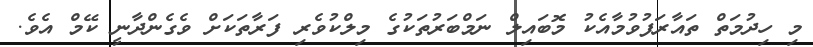
މި ހިދުމަތް ތައާރަފުވުމާއެކު މޮބައިލް ނަމްބަރުތަކުގެ މިލްކުވެރި ފަރާތަކަށް ވެގެންދާނީ ކޭމް އެވެ.
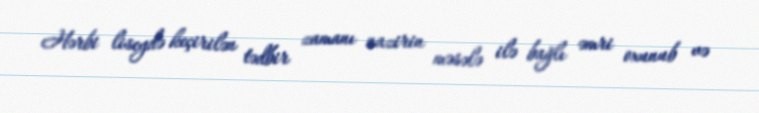
Hərbi liseydə keçirilən tədbir zamanı nazirin məsələ ilə bağlı əmri oxunub və
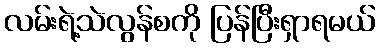
လမ်းရဲ့သဲလွန်စကို ပြန်ပြီးရှာရမယ်
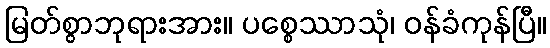
မြတ်စွာဘုရားအား။ ပစ္စေဿာသုံ၊ ဝန်ခံကုန်ပြီ။
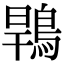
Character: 䳚
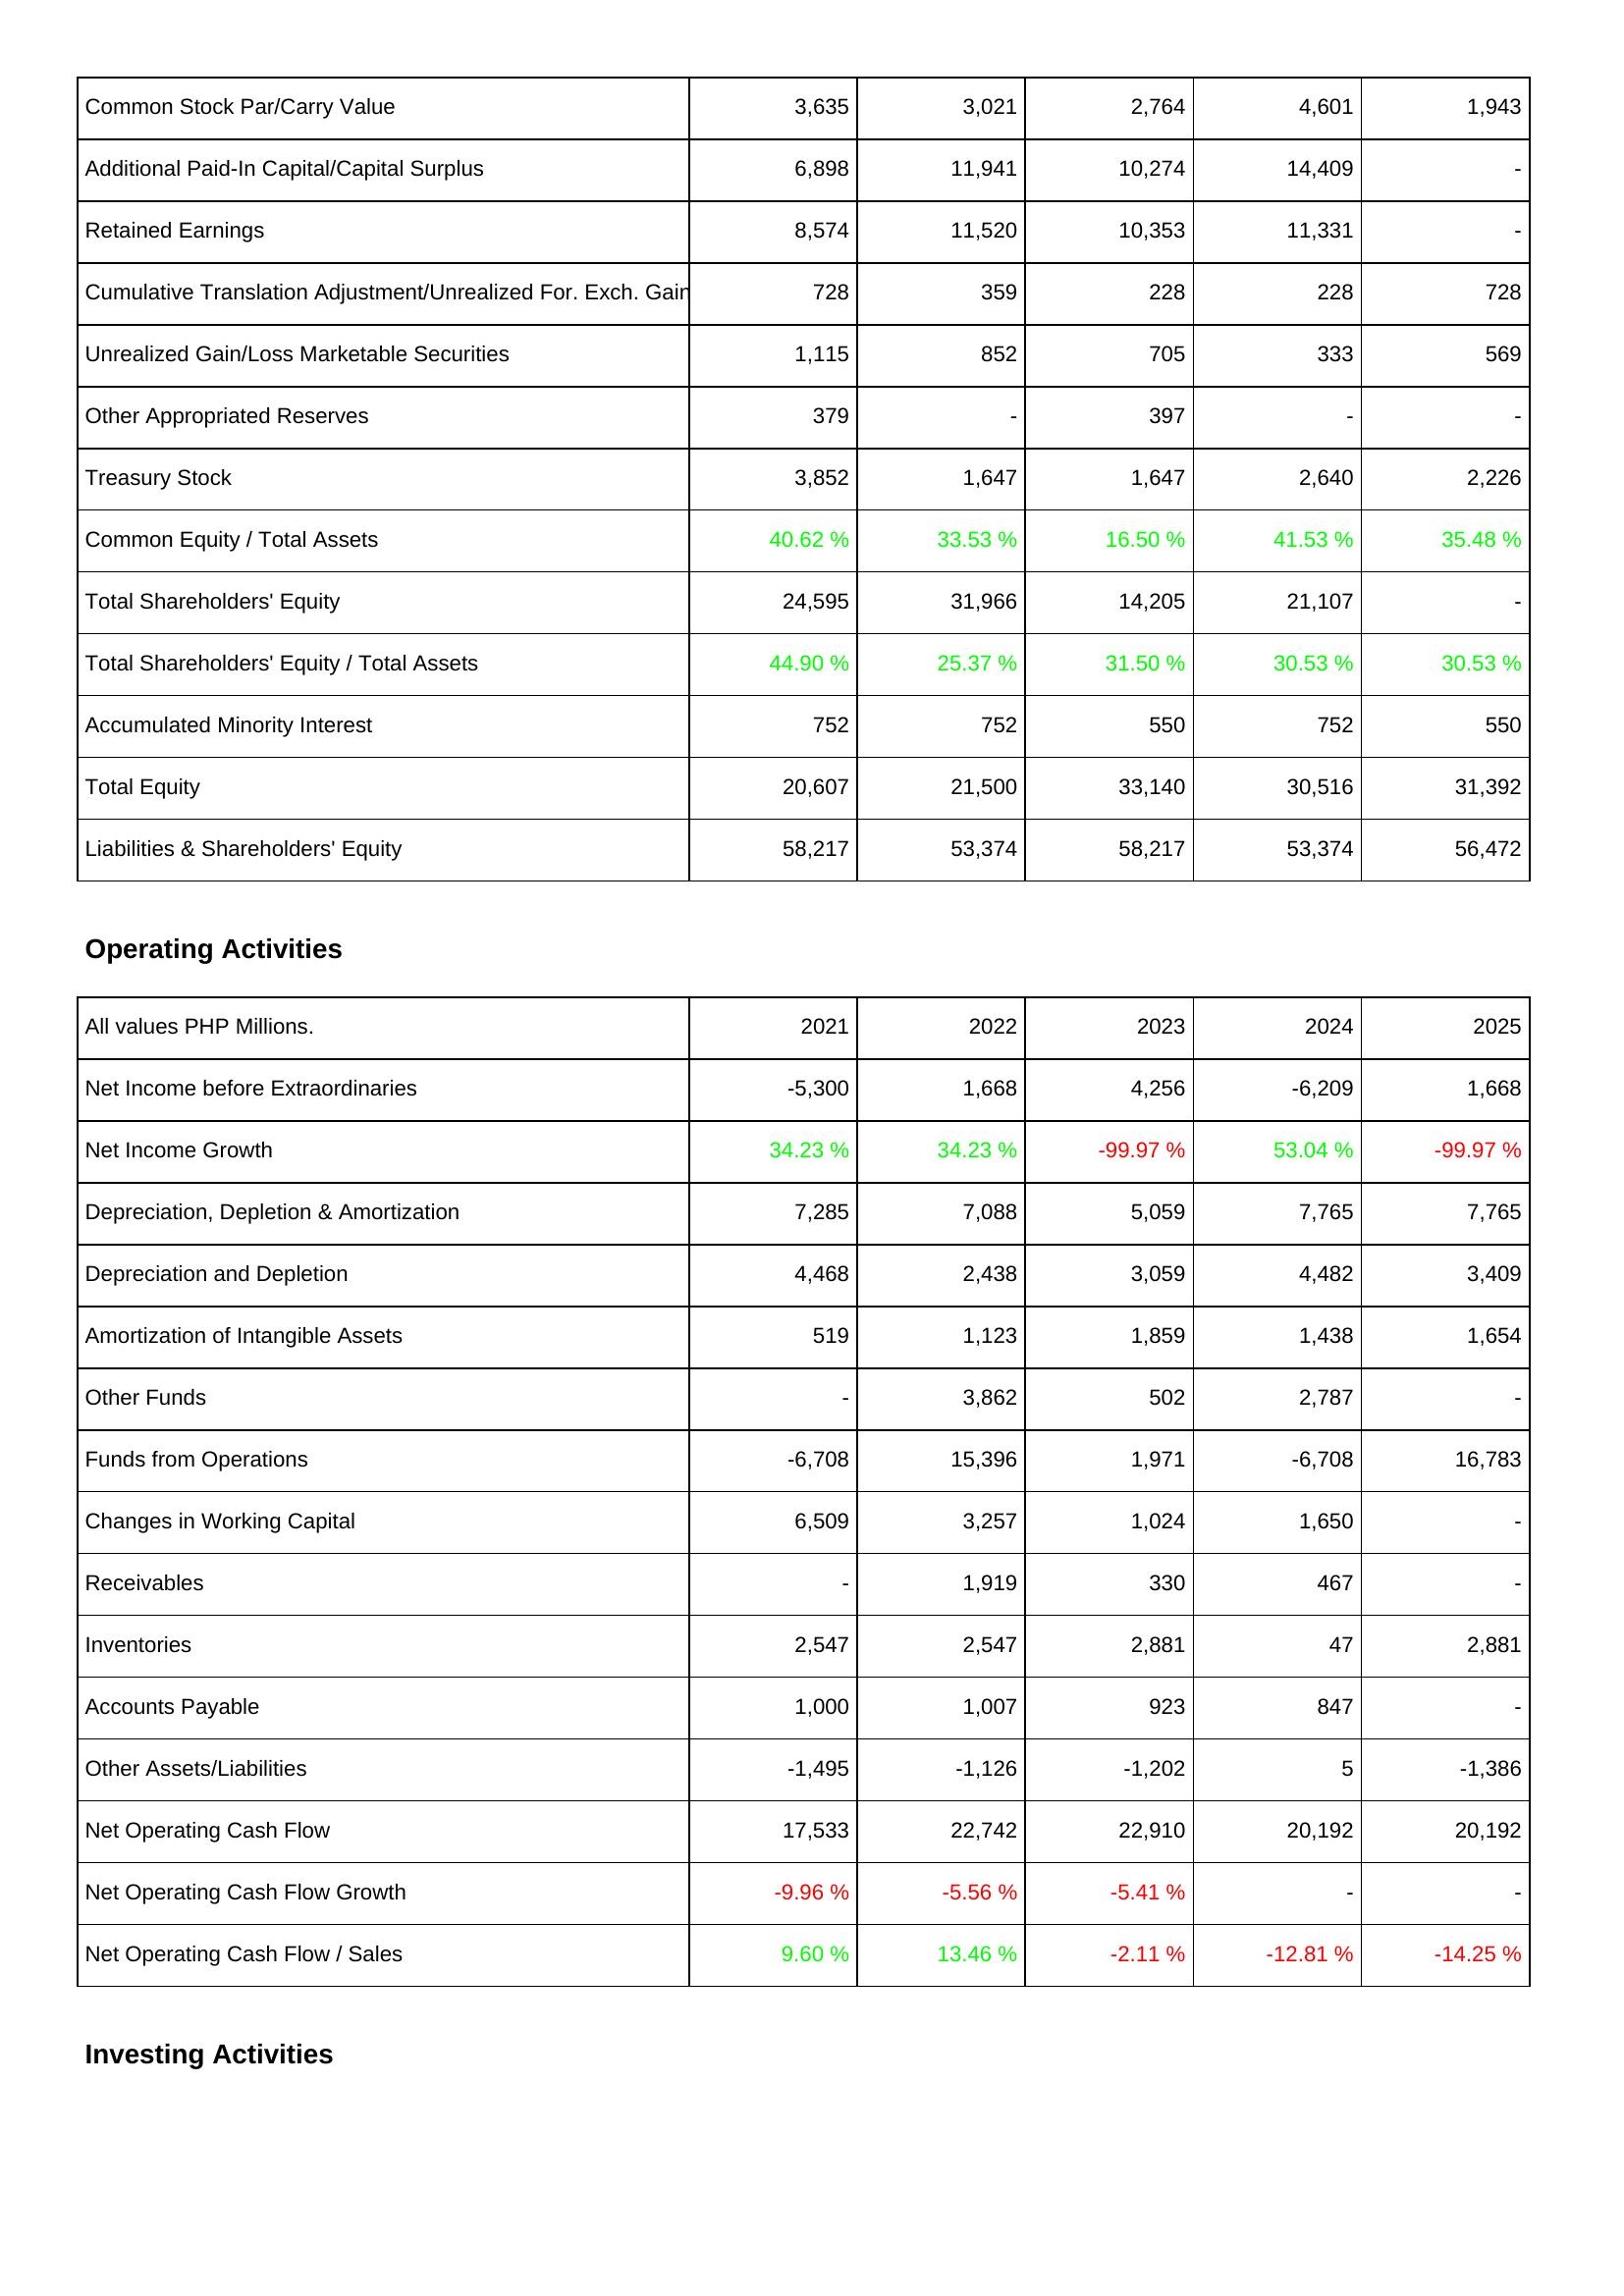
2021: Liabilities & Shareholders' Equity: Common Stock Par/Carry Value: 3,635
Additional Paid-In Capital/Capital Surplus: 6,898
Retained Earnings: 8,574
Cumulative Translation Adjustment/Unrealized For. Exch. Gain: 728
Unrealized Gain/Loss Marketable Securities: 1,115
Other Appropriated Reserves: 379
Treasury Stock: 3,852
Common Equity / Total Assets: 40.62 %
Total Shareholders' Equity: 24,595
Total Shareholders' Equity / Total Assets: 44.90 %
Accumulated Minority Interest: 752
Total Equity: 20,607
Liabilities & Shareholders' Equity: 58,217
Operating Activities: Net Income before Extraordinaries: -5,300
Net Income Growth: 34.23 %
Depreciation, Depletion & Amortization: 7,285
Depreciation and Depletion: 4,468
Amortization of Intangible Assets: 519
Other Funds: -
Funds from Operations: -6,708
Changes in Working Capital: 6,509
Receivables: -
Inventories: 2,547
Accounts Payable: 1,000
Other Assets/Liabilities: -1,495
Net Operating Cash Flow: 17,533
Net Operating Cash Flow Growth: -9.96 %
Net Operating Cash Flow / Sales: 9.60 %
2022: Liabilities & Shareholders' Equity: Common Stock Par/Carry Value: 3,021
Additional Paid-In Capital/Capital Surplus: 11,941
Retained Earnings: 11,520
Cumulative Translation Adjustment/Unrealized For. Exch. Gain: 359
Unrealized Gain/Loss Marketable Securities: 852
Other Appropriated Reserves: -
Treasury Stock: 1,647
Common Equity / Total Assets: 33.53 %
Total Shareholders' Equity: 31,966
Total Shareholders' Equity / Total Assets: 25.37 %
Accumulated Minority Interest: 752
Total Equity: 21,500
Liabilities & Shareholders' Equity: 53,374
Operating Activities: Net Income before Extraordinaries: 1,668
Net Income Growth: 34.23 %
Depreciation, Depletion & Amortization: 7,088
Depreciation and Depletion: 2,438
Amortization of Intangible Assets: 1,123
Other Funds: 3,862
Funds from Operations: 15,396
Changes in Working Capital: 3,257
Receivables: 1,919
Inventories: 2,547
Accounts Payable: 1,007
Other Assets/Liabilities: -1,126
Net Operating Cash Flow: 22,742
Net Operating Cash Flow Growth: -5.56 %
Net Operating Cash Flow / Sales: 13.46 %
2023: Liabilities & Shareholders' Equity: Common Stock Par/Carry Value: 2,764
Additional Paid-In Capital/Capital Surplus: 10,274
Retained Earnings: 10,353
Cumulative Translation Adjustment/Unrealized For. Exch. Gain: 228
Unrealized Gain/Loss Marketable Securities: 705
Other Appropriated Reserves: 397
Treasury Stock: 1,647
Common Equity / Total Assets: 16.50 %
Total Shareholders' Equity: 14,205
Total Shareholders' Equity / Total Assets: 31.50 %
Accumulated Minority Interest: 550
Total Equity: 33,140
Liabilities & Shareholders' Equity: 58,217
Operating Activities: Net Income before Extraordinaries: 4,256
Net Income Growth: -99.97 %
Depreciation, Depletion & Amortization: 5,059
Depreciation and Depletion: 3,059
Amortization of Intangible Assets: 1,859
Other Funds: 502
Funds from Operations: 1,971
Changes in Working Capital: 1,024
Receivables: 330
Inventories: 2,881
Accounts Payable: 923
Other Assets/Liabilities: -1,202
Net Operating Cash Flow: 22,910
Net Operating Cash Flow Growth: -5.41 %
Net Operating Cash Flow / Sales: -2.11 %
2024: Liabilities & Shareholders' Equity: Common Stock Par/Carry Value: 4,601
Additional Paid-In Capital/Capital Surplus: 14,409
Retained Earnings: 11,331
Cumulative Translation Adjustment/Unrealized For. Exch. Gain: 228
Unrealized Gain/Loss Marketable Securities: 333
Other Appropriated Reserves: -
Treasury Stock: 2,640
Common Equity / Total Assets: 41.53 %
Total Shareholders' Equity: 21,107
Total Shareholders' Equity / Total Assets: 30.53 %
Accumulated Minority Interest: 752
Total Equity: 30,516
Liabilities & Shareholders' Equity: 53,374
Operating Activities: Net Income before Extraordinaries: -6,209
Net Income Growth: 53.04 %
Depreciation, Depletion & Amortization: 7,765
Depreciation and Depletion: 4,482
Amortization of Intangible Assets: 1,438
Other Funds: 2,787
Funds from Operations: -6,708
Changes in Working Capital: 1,650
Receivables: 467
Inventories: 47
Accounts Payable: 847
Other Assets/Liabilities: 5
Net Operating Cash Flow: 20,192
Net Operating Cash Flow Growth: -
Net Operating Cash Flow / Sales: -12.81 %
2025: Liabilities & Shareholders' Equity: Common Stock Par/Carry Value: 1,943
Additional Paid-In Capital/Capital Surplus: -
Retained Earnings: -
Cumulative Translation Adjustment/Unrealized For. Exch. Gain: 728
Unrealized Gain/Loss Marketable Securities: 569
Other Appropriated Reserves: -
Treasury Stock: 2,226
Common Equity / Total Assets: 35.48 %
Total Shareholders' Equity: -
Total Shareholders' Equity / Total Assets: 30.53 %
Accumulated Minority Interest: 550
Total Equity: 31,392
Liabilities & Shareholders' Equity: 56,472
Operating Activities: Net Income before Extraordinaries: 1,668
Net Income Growth: -99.97 %
Depreciation, Depletion & Amortization: 7,765
Depreciation and Depletion: 3,409
Amortization of Intangible Assets: 1,654
Other Funds: -
Funds from Operations: 16,783
Changes in Working Capital: -
Receivables: -
Inventories: 2,881
Accounts Payable: -
Other Assets/Liabilities: -1,386
Net Operating Cash Flow: 20,192
Net Operating Cash Flow Growth: -
Net Operating Cash Flow / Sales: -14.25 %
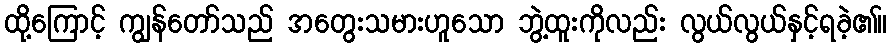
ထို့ကြောင့် ကျွန်တော်သည် အတွေးသမားဟူသော ဘွဲ့ထူးကိုလည်း လွယ်လွယ်နှင့်ရခဲ့၏။
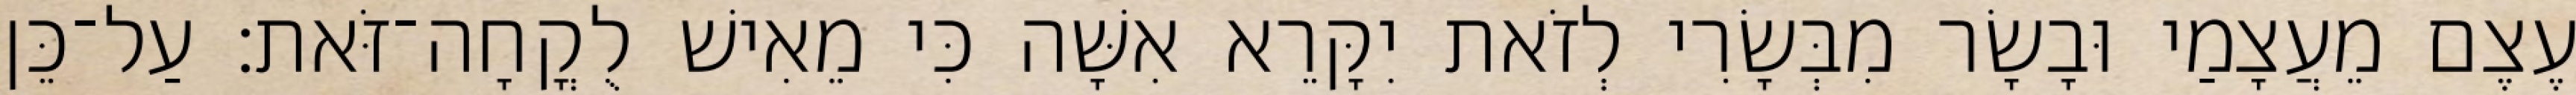
עֶצֶם מֵעֲצָמַי וּבָשָׂר מִבְּשָׂרִי לְזֹאת יִקָּרֵא אִשָּׁה כִּי מֵאִישׁ לֻקֳחָה־זֹּאת׃ עַל־כֵּן
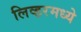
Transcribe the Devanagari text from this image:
लिव्हरमध्ये
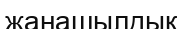
жанашылдық
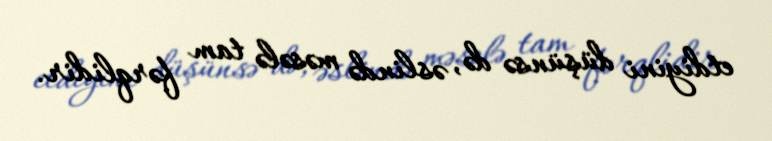
etdiyini düşünsə də, əslində məsələ tam fərqlidir.
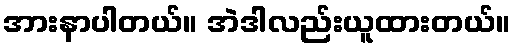
အားနာပါတယ်။ အဲဒါလည်းယူထားတယ်။
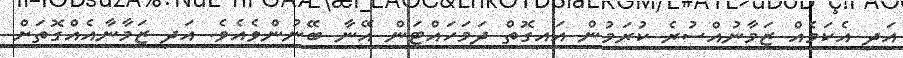
އަދި އެކަމެއް ޒަމާނުއްސުރެ ކުރަމުން އައިގޮތް ދަމަހައްޓަން އޭނާ ބޭނުންވެއެވެ. އަދި ޒަމާނާއެއްގޮތަށް
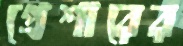
প্রেশারের
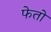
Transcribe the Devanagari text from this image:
फेतो
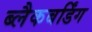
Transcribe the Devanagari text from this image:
ब्लैकबर्डिंग
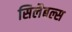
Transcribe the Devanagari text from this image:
सिलैबल्स
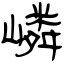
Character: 嶙
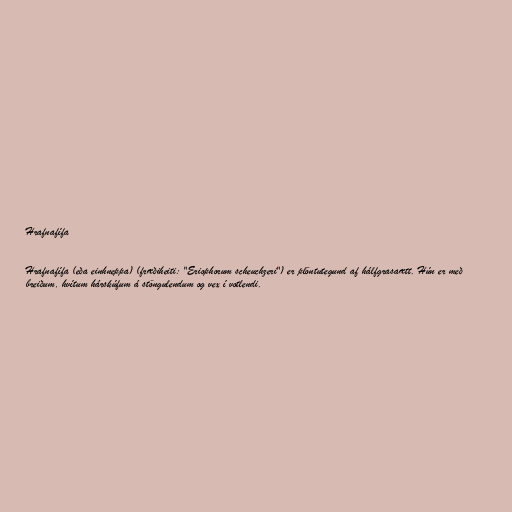
Hrafnafífa

Hrafnafífa (eða einhneppa) (fræðiheiti: "Eriophorum scheuchzeri") er plöntutegund af hálfgrasaætt. Hún er með
breiðum, hvítum hárskúfum á stöngulendum og vex í votlendi.
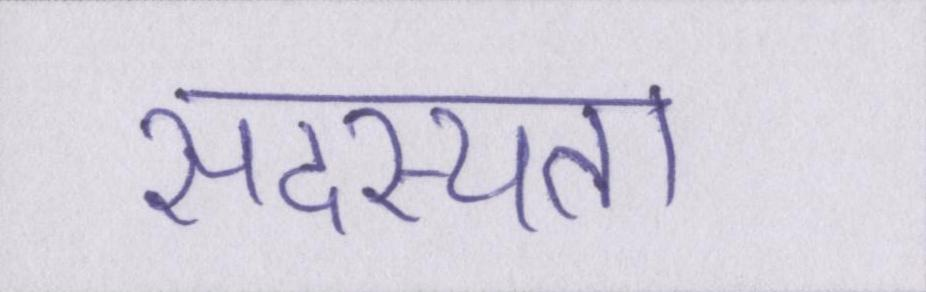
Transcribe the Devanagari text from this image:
सदस्यता
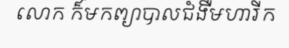
លោក ក៏មកព្យាបាលជំងឺមហារីក
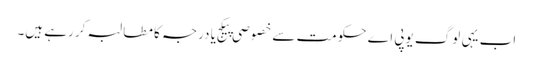
اب یہی لوگ یوپی اے حکومت سے خصوصی پیکج یا درجہ کا مطالبہ کر رہے ہیں۔
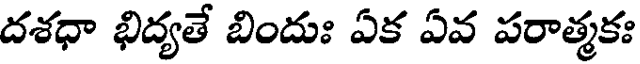
దశధా భిద్యతే బిందుః ఏక ఏవ పరాత్మకః

- **Work instructions**
In the data above, find the line that contains "2022: Liabilities &" and the line that contains "Total Shareholders' Equity: 31,966". Repeat exactly those lines and every line between them, and only those.

- **Solution to this exercise**
2022: Liabilities & Shareholders' Equity: Common Stock Par/Carry Value: 3,021
Additional Paid-In Capital/Capital Surplus: 11,941
Retained Earnings: 11,520
Cumulative Translation Adjustment/Unrealized For. Exch. Gain: 359
Unrealized Gain/Loss Marketable Securities: 852
Other Appropriated Reserves: -
Treasury Stock: 1,647
Common Equity / Total Assets: 33.53 %
Total Shareholders' Equity: 31,966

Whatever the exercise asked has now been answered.